Green River chronology
|  | Come On Down (1985) | Dry as a Bone (1987) |

= Come On Down (EP) =

1985 extended play by Green River

Come On Down is the debut EP by the Seattle-based alternative rock band Green River. It was released in November 1985 through Homestead Records, while the band were on their first US tour. It is considered the first grunge record because it was released several months before the Deep Six album that included them as well as five other Seattle grunge bands.

Professional ratings
Review scores
| Source | Rating |
| AllMusic | Star |

== Overview ==
In the early 1980s, the Seattle branch of the indie movement was influenced by punk rock, however it removed its speed and its structure and added elements of metal. Although Malfunkshun and Soundgarden were more popular in Seattle at this time, Green River was the first band of this movement to release a recording. Come On Down has been described as a balance between punk and metal, being similar to a mashup of 1980s metal together with early Mudhoney, and with the sound being "dirty". In audio engineering, the term "dirty" or "fuzzy" describes "the opposite of clear, clean sound. A dirty tone would have some amount of noise, distortion, or overdrive in the signal."

This record also marks Green River's only record with original guitarist Steve Turner (later of Mudhoney), other than the 2016 LP release of 1984 Demos, and the 2019 release of Live At The Tropicana. Turner left the group due to his dissatisfaction with bassist Jeff Ament and guitarist Stone Gossard's heavy metal leanings. The record was released to little fanfare, and did not sell well. AllMusic reviewer Bradley Torreano describes the EP as "a worthwhile listen but not something that points towards the bright futures that its band members would enjoy." It contains the first recording of the song "Swallow My Pride", a song describing a lover's disdain for his girlfriend's feverish American patriotism, which was later re-recorded for the band's debut album, Rehab Doll.

In mid-1985, Green River embarked on its first nationwide tour to promote Come On Down. Release of the record was delayed however, thus negating the purpose of the tour. From all accounts the experience was less than positive, though it did help cement alliances with other emerging American indie rock bands such as Sonic Youth. In 1986, the band continued to play in and around the Pacific Northwest to steadily larger crowds (most notably in Seattle).

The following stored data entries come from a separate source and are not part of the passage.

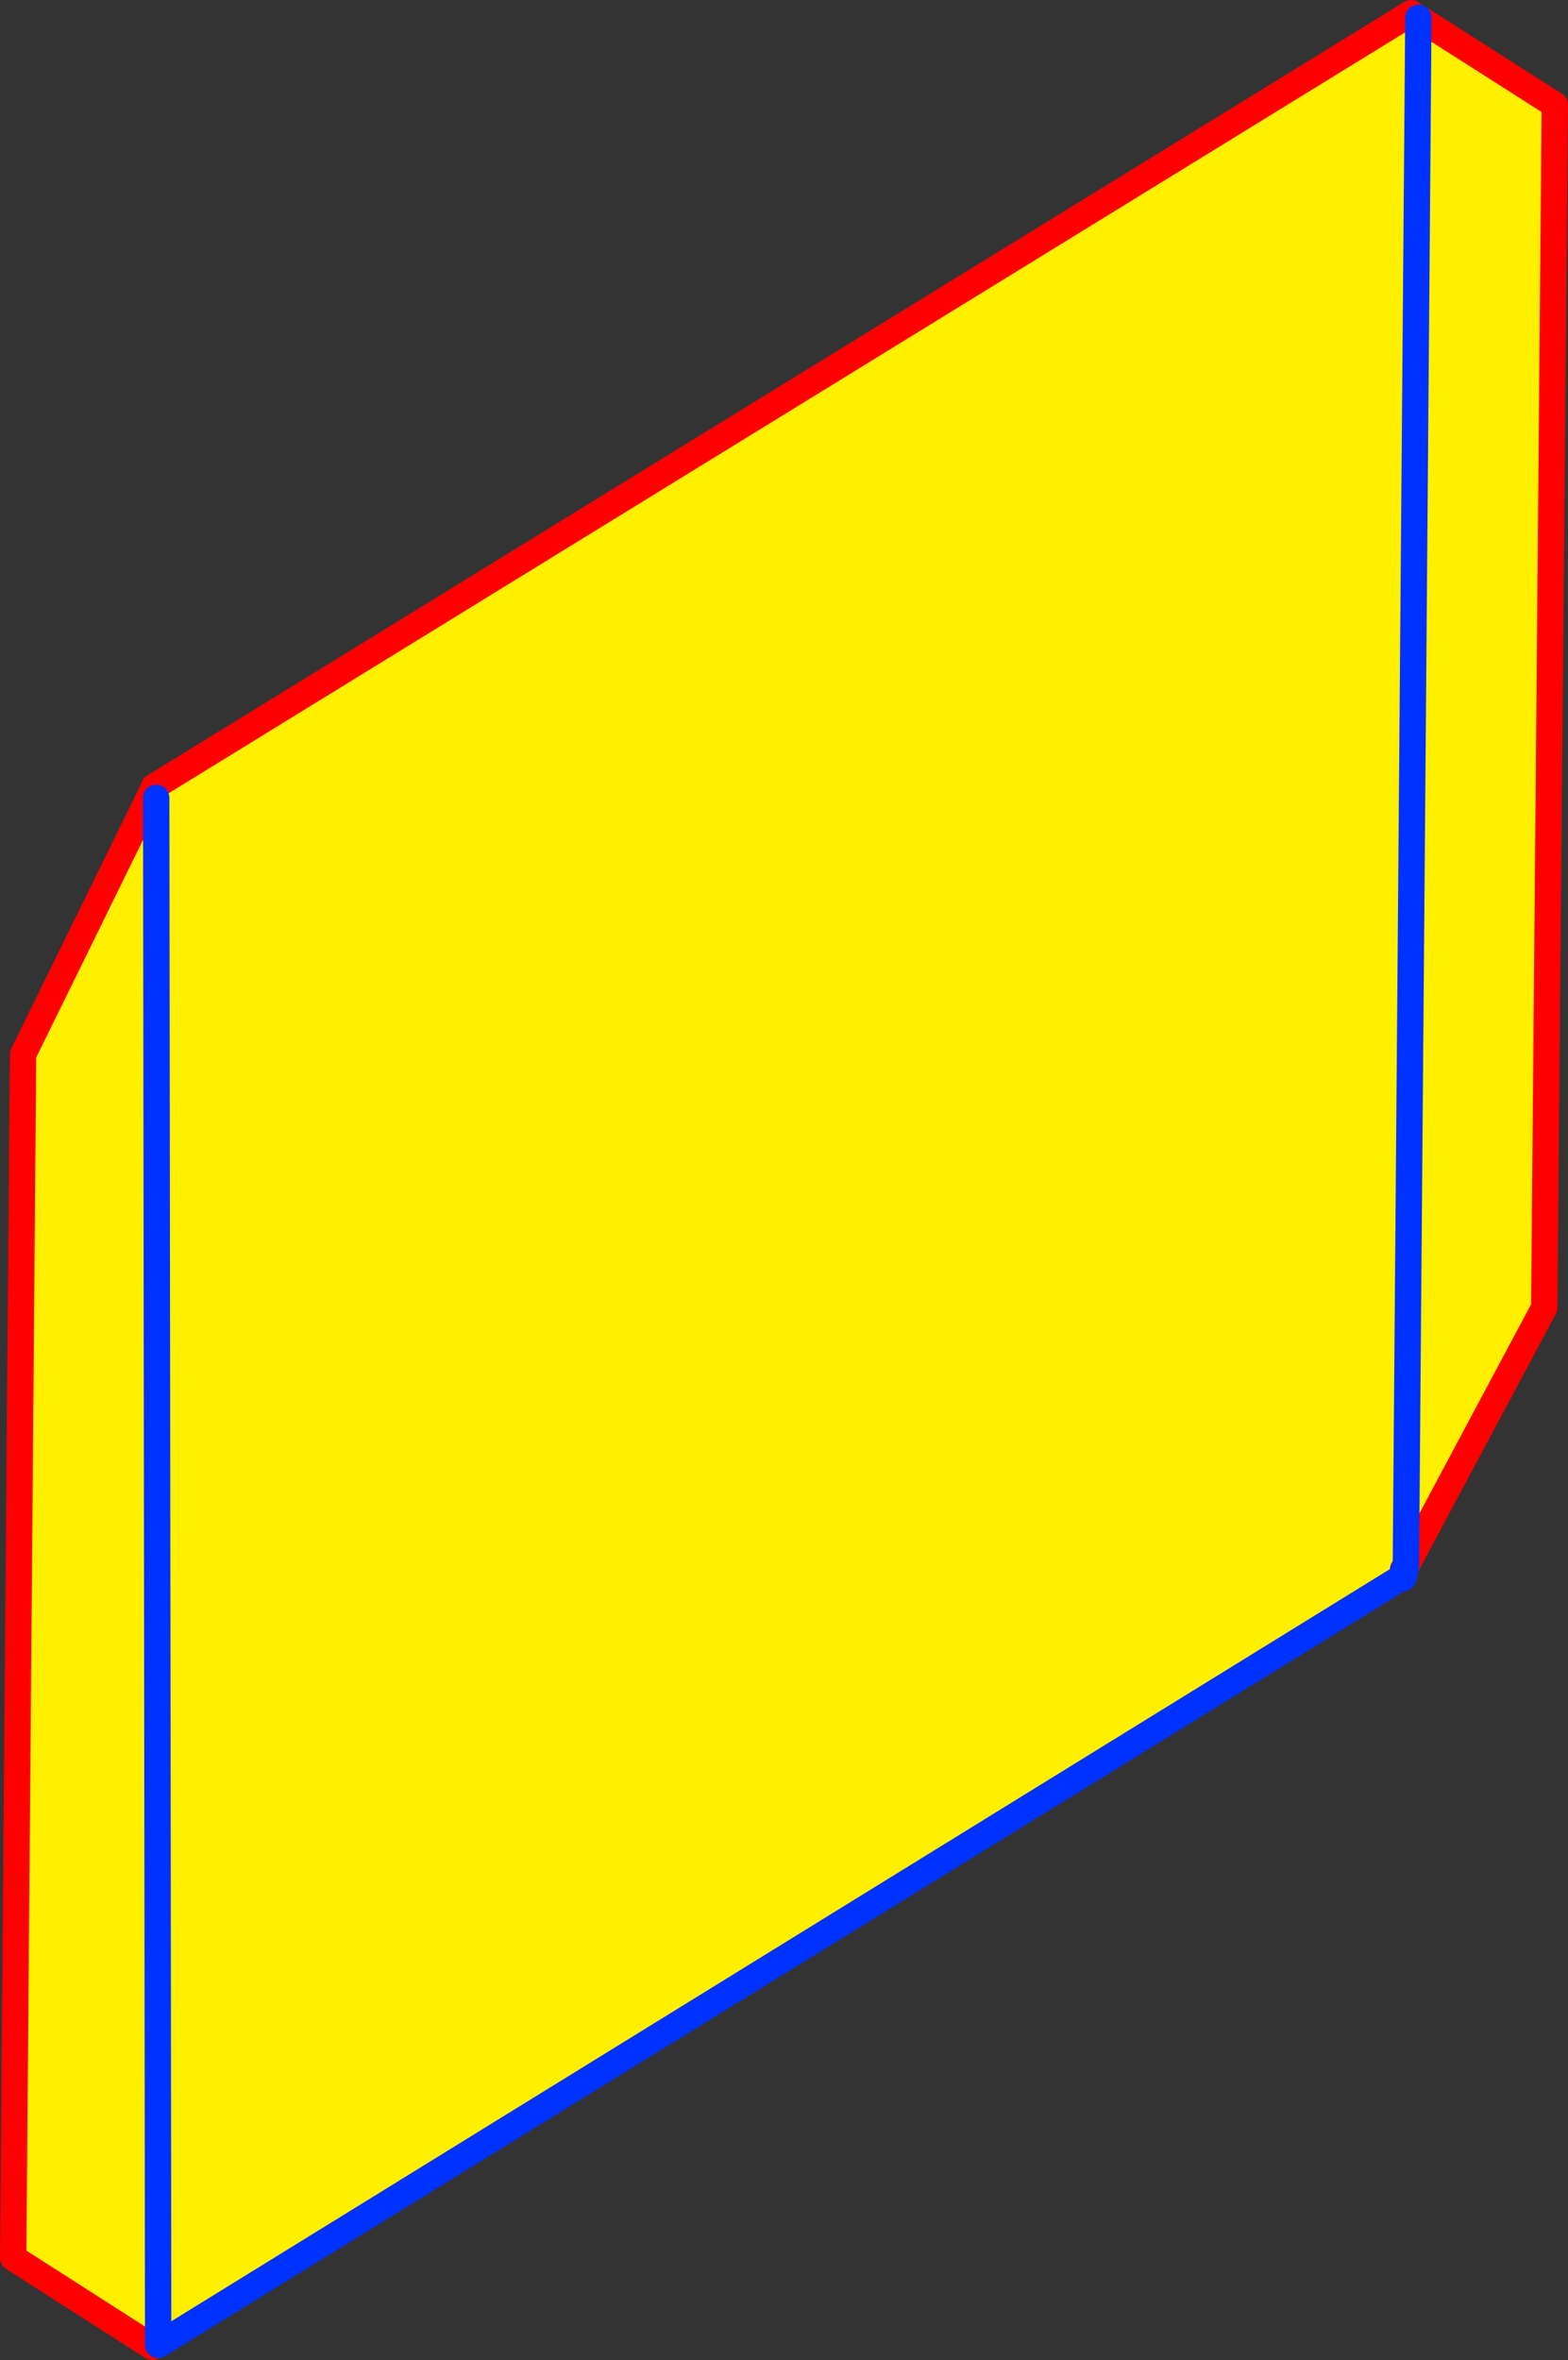 <?xml version="1.0" encoding="UTF-8" standalone="no"?>
<svg xmlns:xlink="http://www.w3.org/1999/xlink" height="178.95px" width="118.95px" xmlns="http://www.w3.org/2000/svg">
  <rect width="100%" height="100%" fill="#333333" stroke="none"/>
  <g transform="matrix(1.0, 0.0, 0.0, 1.0, -345.95, -227.35)">
    <path d="M453.55 228.7 L463.9 235.3 463.1 326.5 452.6 346.15 453.55 228.7 452.6 346.15 452.4 346.35 452.45 346.85 357.95 405.15 357.5 405.3 346.95 398.55 347.7 307.3 357.35 287.65 357.8 287.85 357.65 287.0 453.0 228.35 453.55 228.7 M357.95 405.15 L357.8 287.85 357.95 405.15" fill="#fff000" fill-rule="evenodd" stroke="none"/>
    <path d="M452.6 346.15 L463.1 326.5 463.9 235.3 453.55 228.7 M357.5 405.3 L346.95 398.55 347.7 307.3 357.35 287.65 357.65 287.0 453.0 228.35 M452.4 346.35 L452.6 346.15" fill="none" stroke="#ff0000" stroke-linecap="round" stroke-linejoin="round" stroke-width="2.0"/>
    <path d="M453.55 228.7 L452.6 346.15 452.4 347.0 452.45 346.85 357.95 405.15 357.8 287.85 M452.45 346.85 L452.4 346.35" fill="none" stroke="#0032ff" stroke-linecap="round" stroke-linejoin="round" stroke-width="2.0"/>
  </g>
</svg>

Leighton Beezer, who played with Mark Arm and Steve Turner in the Thrown Ups, states that when he first heard Green River play Come On Down, he realized that they were playing punk rock backwards. Additionally, he noted that the augmented fifth note was used by Black Sabbath to produce an ominous feeling but it is not used in punk rock. In the 1996 grunge film documentary Hype!, Beezer demonstrated on guitar the difference between punk and grunge. First he played the riff from "Rockaway Beach" by Ramones that ascends the neck of the guitar, then Come On Down by Green River that descends the neck. The two pieces are only a few notes apart but sound completely unalike. He took the same rhythm with the same chord, however descending the neck made it sound darker, and therefore grunge.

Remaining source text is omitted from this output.